#### Task goal:
The entries below are to be returned as written, with all pictures dropped.
***** Raw data *****
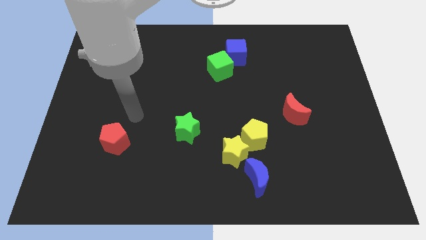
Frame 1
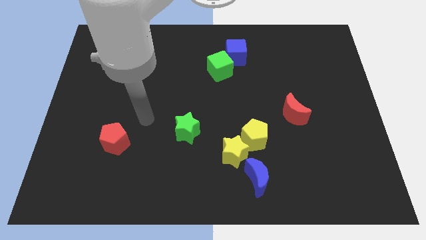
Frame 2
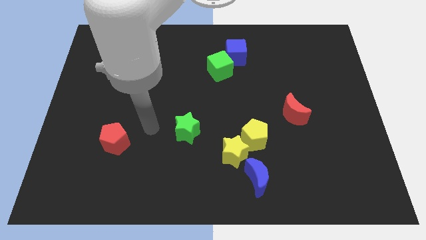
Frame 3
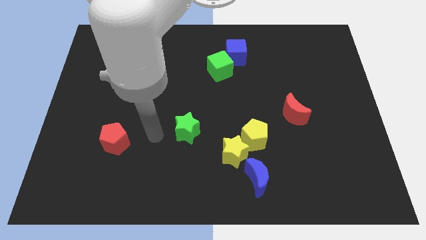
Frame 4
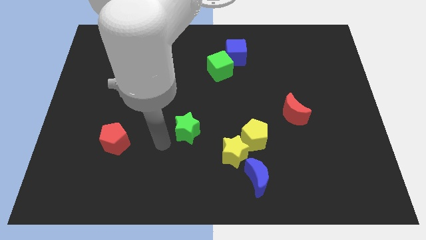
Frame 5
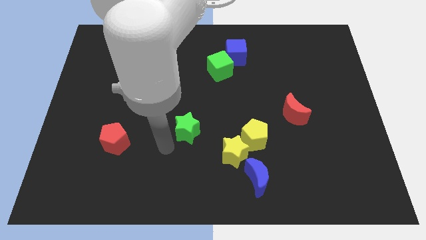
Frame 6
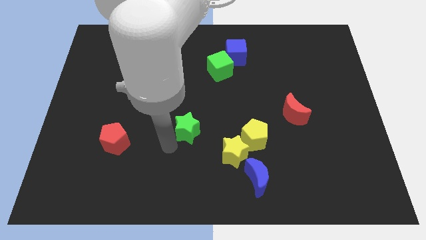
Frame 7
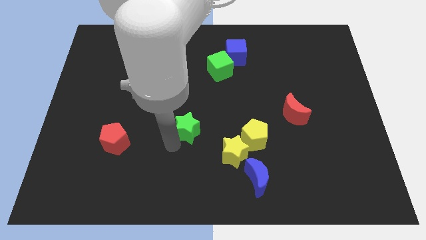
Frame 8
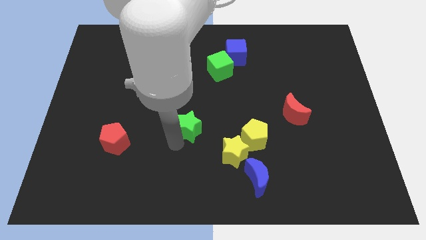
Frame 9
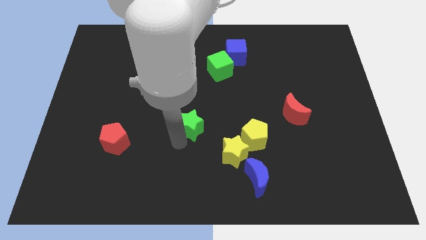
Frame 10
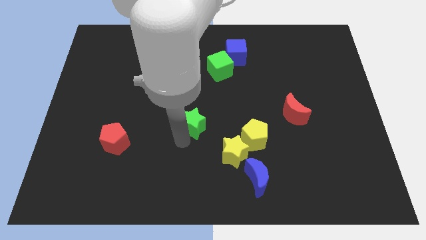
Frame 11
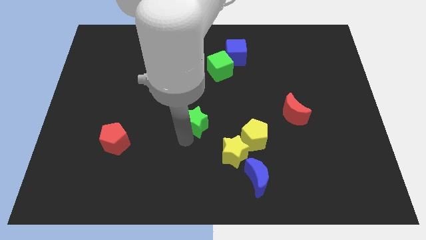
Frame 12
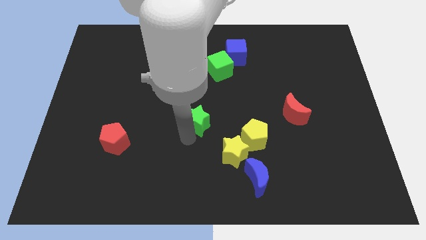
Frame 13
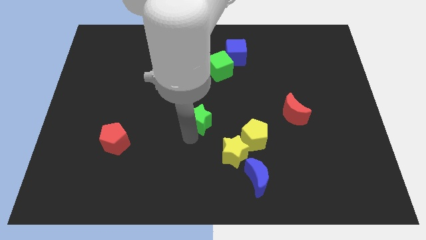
*****
#### Written answer:
Frame 1
Frame 2
Frame 3
Frame 4
Frame 5
Frame 6
Frame 7
Frame 8
Frame 9
Frame 10
Frame 11
Frame 12
Frame 13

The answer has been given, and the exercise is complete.